How Innovation & Technology Help
Novelties in health tech are helping address many of the pain points that lead to burnout and turnover:
- Automation of labor-intensive tasks so nurses can refocus on direct patient care and meaningful clinical interactions.
- Improved safety and ergonomic design to reduce physical strain, lift injuries, fatigue from moving patients manually.
- Reduced risk of patient complications (like pressure injuries), which reduce crisis management, downstream workload, stress, and moral distress.
- Clear, simplified user interfaces, training tools, and standardized workflows to reduce cognitive load.
Studies and projects show that when technology is adopted thoughtfully, with nurses involved in design or implementation, with robust training, and with an eye toward eliminating unnecessary work — it results in improved job satisfaction, fewer errors, less exhaustion.
Where the Pronova-O2 Automated Prone Therapy System Fits In
The Pronova-O2 system (by Turn Medical) offers several features that align strongly with nurse retention & recruitment goals:
- Reduced Physical Burden / Lift Injury Risk
Proning a patient manually is labor intensive, involves significant physical effort, and risks injury to caregivers. Pronova-O2 allows a single clinician to make prone/supine position changes, reducing the physical strain and risk of staff injury. - Injury Prevention for Patients → Reduced Stress for Nurses
The system includes the InteliDerm Powered Skin Protection System, which helps mitigate the risk for pressure injuries (face, chest) when patients are proned. Fewer pressure injury complications means less urgent corrective care, less guilt/moral distress, and a potential reduction in the cost to treat patients. - Efficiency & Task Reduction
Because the system is automated, has no removable parts, and is designed with clear guides (placement guide, reference guide, intuitive labels), it reduces staff needed to safely move critically ill patients, reduces time spent on positioning tasks, and simplifies workflows. - Support for High Acuity Settings
In ICUs, transplant cases, ARDS, etc., where proning is necessary, Pronova-O2 can help reduce workload per patient, allow staff to manage more safely, which is especially important when nurse-to-patient ratio and hospital census are high or staffing is lean. - Recruitment Appeal
Nurses considering where to work often ask: Will I be safe? Will I be respected? Will I have tools that help me do my job well (not make it harder)? Working at a facility that uses tools that reduce physical strain and improve patient outcomes can be attractive.

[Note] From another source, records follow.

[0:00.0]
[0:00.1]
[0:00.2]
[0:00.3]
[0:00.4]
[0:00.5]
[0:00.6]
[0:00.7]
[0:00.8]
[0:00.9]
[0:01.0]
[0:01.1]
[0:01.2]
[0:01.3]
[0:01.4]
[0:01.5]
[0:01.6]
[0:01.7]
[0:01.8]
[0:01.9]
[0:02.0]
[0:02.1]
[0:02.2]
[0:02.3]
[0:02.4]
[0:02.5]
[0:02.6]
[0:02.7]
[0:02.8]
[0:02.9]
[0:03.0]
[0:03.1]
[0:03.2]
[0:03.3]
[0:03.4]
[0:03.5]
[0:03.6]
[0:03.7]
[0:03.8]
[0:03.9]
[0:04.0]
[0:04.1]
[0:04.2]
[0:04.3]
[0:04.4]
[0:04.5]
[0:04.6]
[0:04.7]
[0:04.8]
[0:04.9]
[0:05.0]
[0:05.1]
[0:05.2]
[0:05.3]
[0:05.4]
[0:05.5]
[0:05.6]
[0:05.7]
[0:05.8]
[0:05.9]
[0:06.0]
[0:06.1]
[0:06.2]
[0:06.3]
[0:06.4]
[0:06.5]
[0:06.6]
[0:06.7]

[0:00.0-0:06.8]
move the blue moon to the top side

Potential Impact: Retention & Recruitment Metrics
By integrating Pronova-O2 (and similar innovations), facilities can expect to see improvements in:
- Reduced rate of caregiver injuries and resulting leave / turnover
- Fewer pressure injuries, fewer complications that require intensive rescue work
- Better job satisfaction among staff, less moral distress, fewer complaints about physical workload
- Improved new nurse retention (if early in career nurses are not “burned out” by the heavy lifting or crisis moments)
- Enhanced reputation as a “technology forward” employer, which can help in recruiting candidates who want modern, efficient tools
Conclusion
Nurse retention and recruitment are no longer just HR issues — they are deeply tied to how care is delivered, how much burden is placed on front-line staff, and whether the work environment empowers with tools, safety, and efficiency.

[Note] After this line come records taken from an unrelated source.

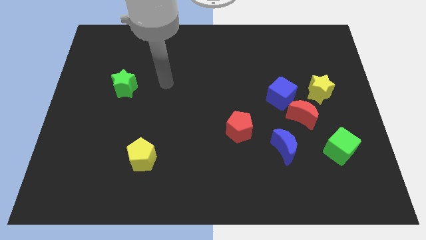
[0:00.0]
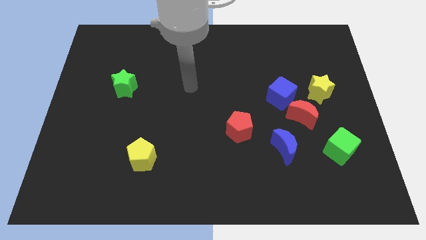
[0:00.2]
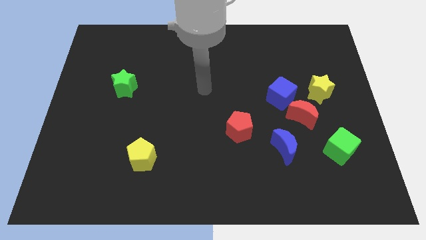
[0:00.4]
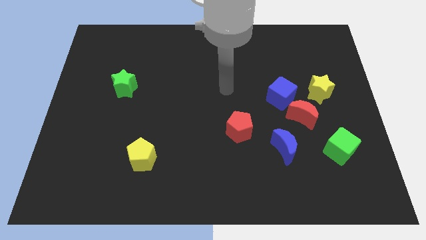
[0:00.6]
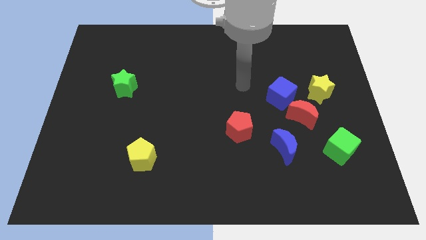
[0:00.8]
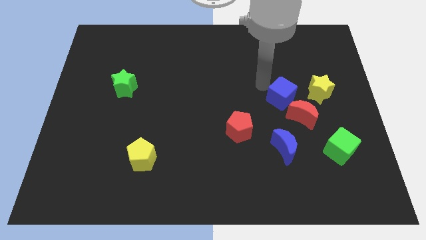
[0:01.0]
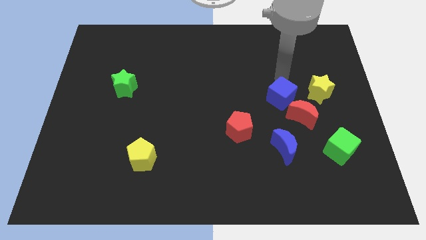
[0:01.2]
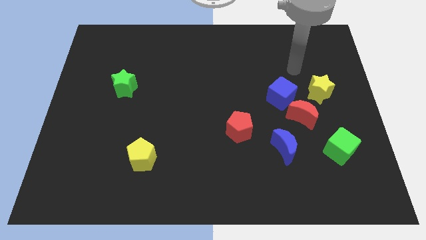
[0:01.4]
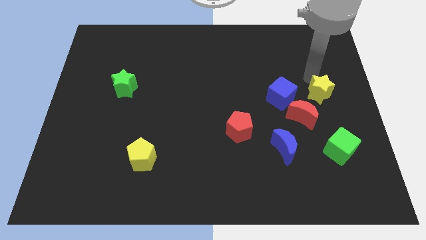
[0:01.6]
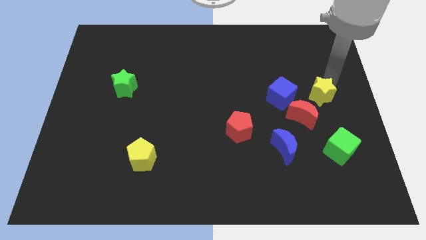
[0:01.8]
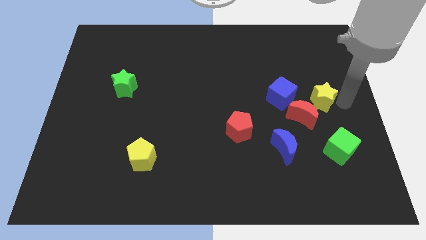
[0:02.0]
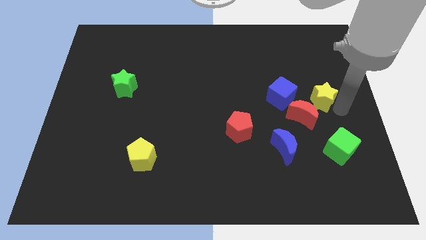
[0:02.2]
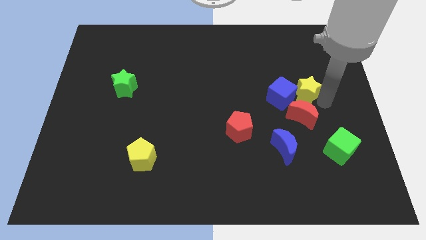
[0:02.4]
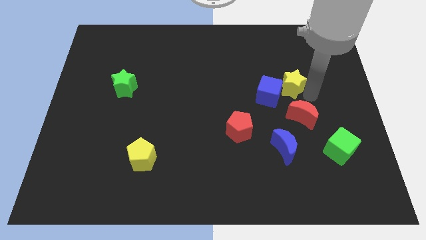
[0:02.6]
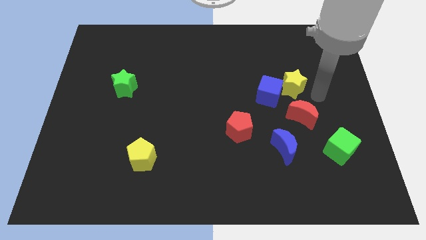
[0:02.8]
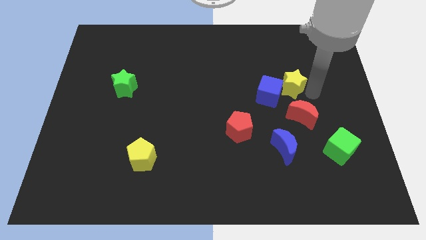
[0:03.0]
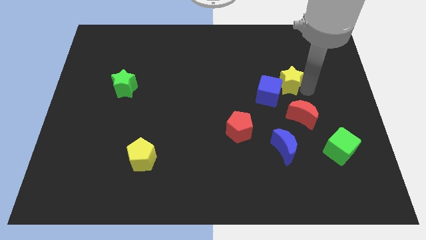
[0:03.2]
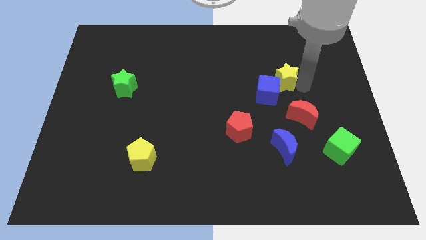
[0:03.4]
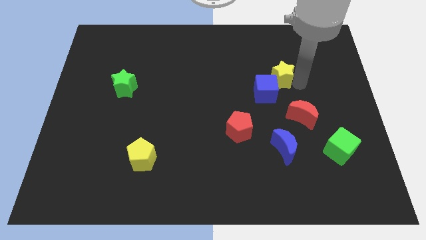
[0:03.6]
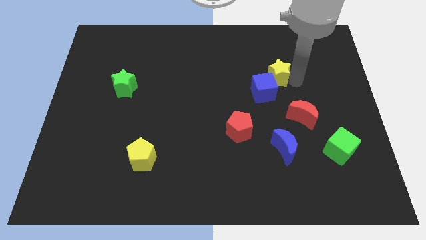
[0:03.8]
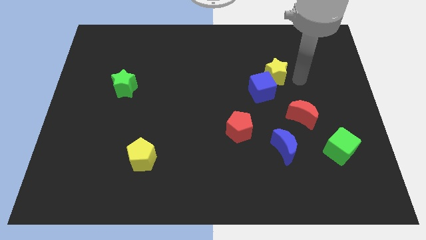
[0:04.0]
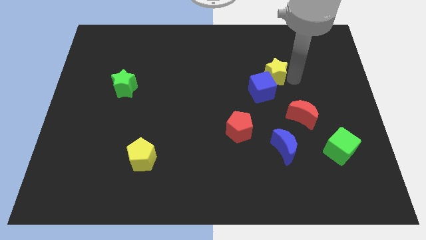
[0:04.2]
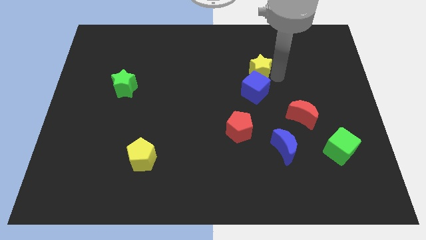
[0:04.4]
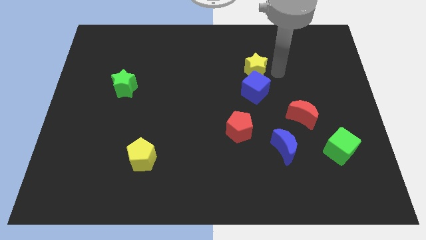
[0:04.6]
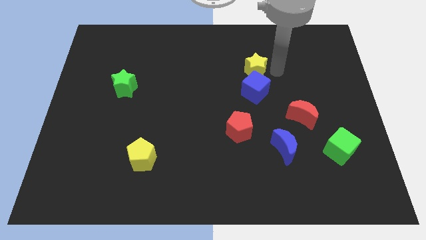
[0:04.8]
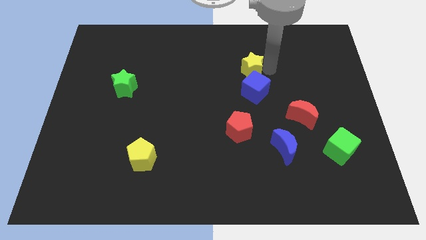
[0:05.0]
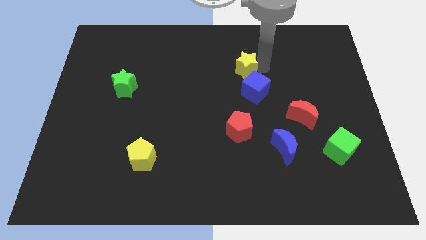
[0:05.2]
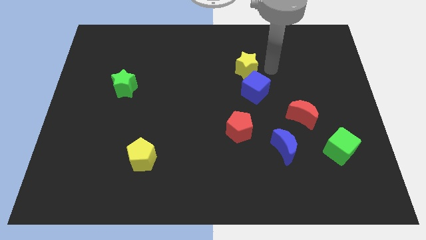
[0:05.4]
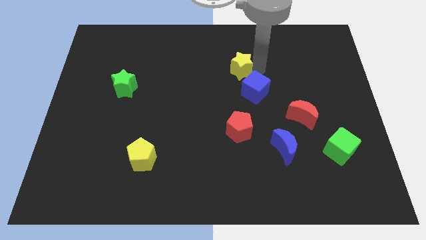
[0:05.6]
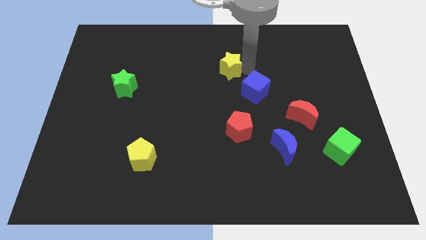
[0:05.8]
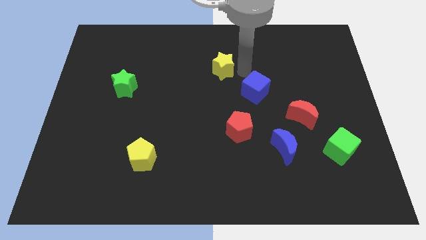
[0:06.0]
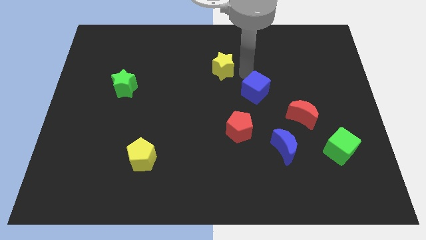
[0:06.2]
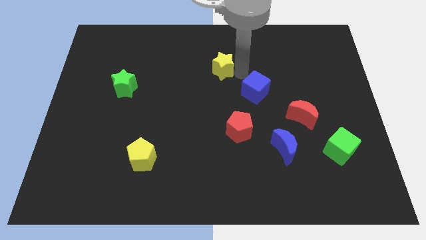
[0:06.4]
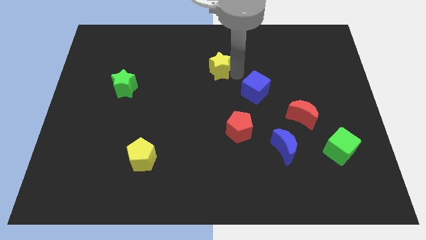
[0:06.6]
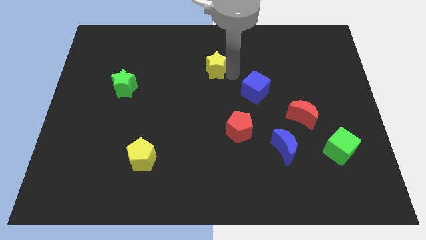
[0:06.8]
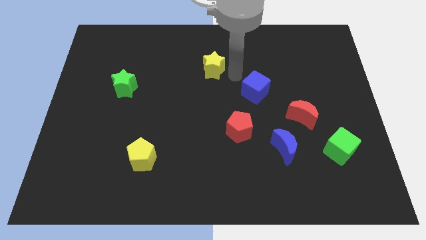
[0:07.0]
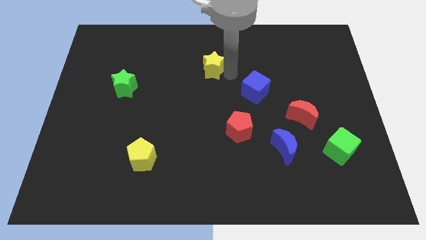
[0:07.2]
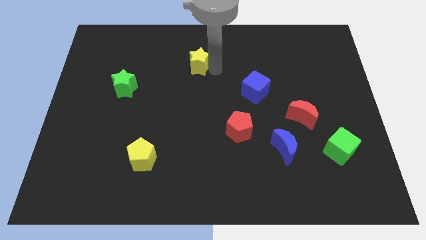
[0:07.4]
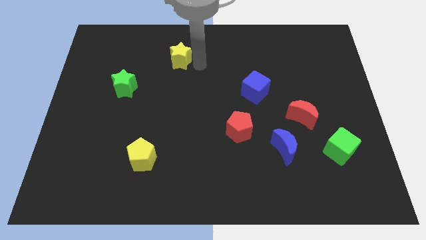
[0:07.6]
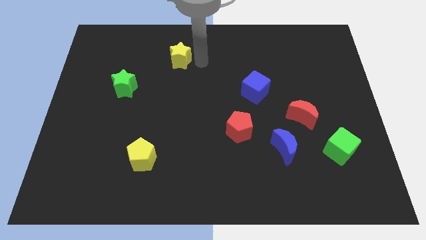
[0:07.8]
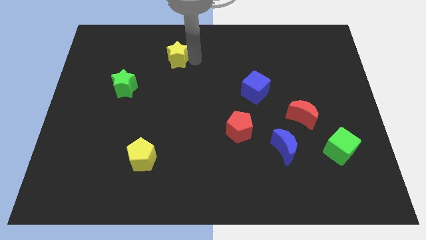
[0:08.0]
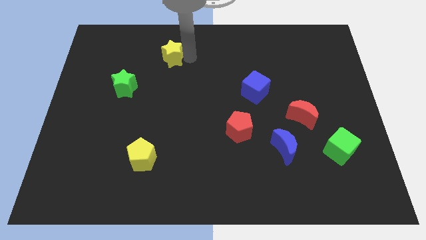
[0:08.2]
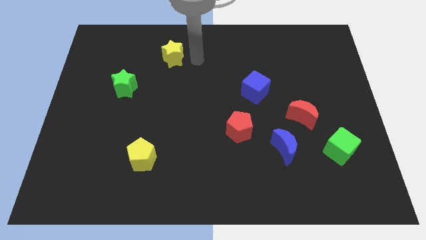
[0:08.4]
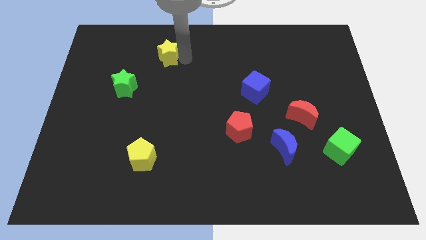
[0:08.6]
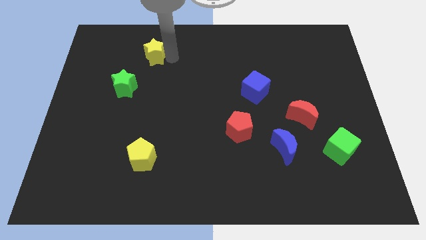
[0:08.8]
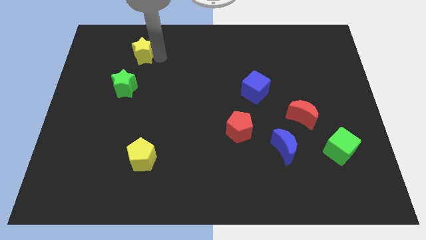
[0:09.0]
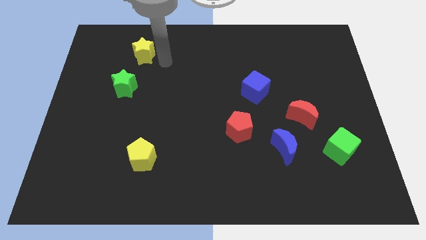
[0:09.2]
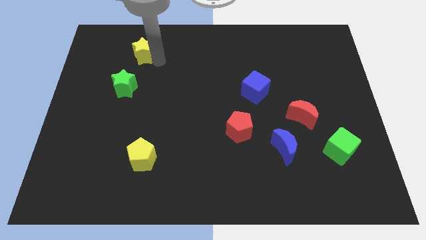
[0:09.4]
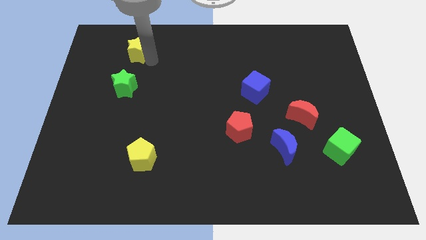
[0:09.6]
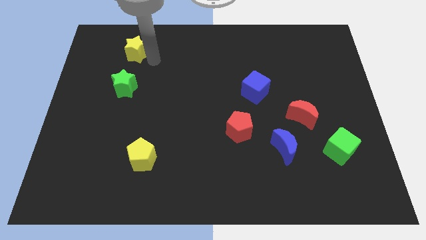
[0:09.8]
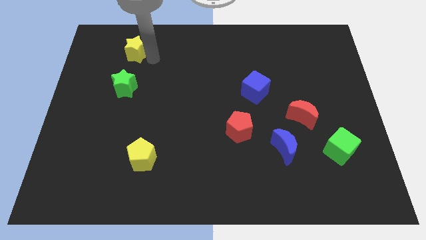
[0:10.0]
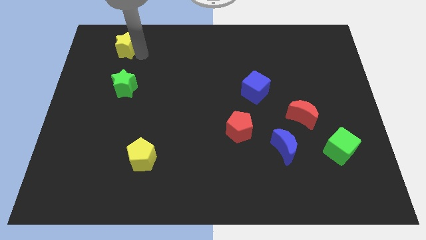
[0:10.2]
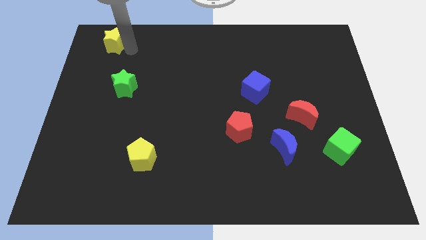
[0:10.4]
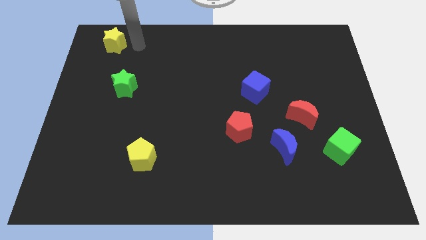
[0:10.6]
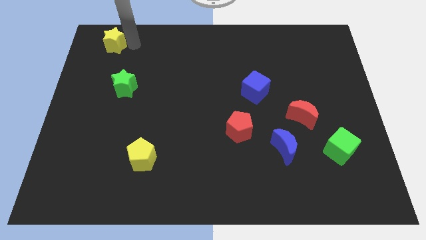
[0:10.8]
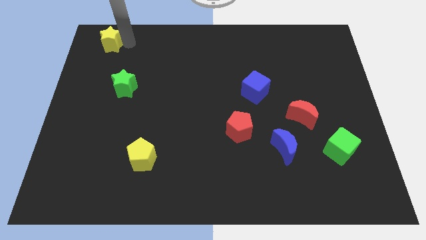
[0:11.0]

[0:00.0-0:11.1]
put the yellow star to the top left of the board

Automating manual processes using technology like Pronova-O2, when used correctly, can shift the daily balance for nurses: from fatigue and heavy workload toward efficiency, safety, and more meaningful time with patients.
Health systems that embrace technology — guided by nurse input, designed to reduce physical strain, and proven to improve patient outcomes — are better positioned to retain their teams and attract new talent. Innovation can no longer be viewed as a “nice to have”; it is essential to building a sustainable healthcare workforce.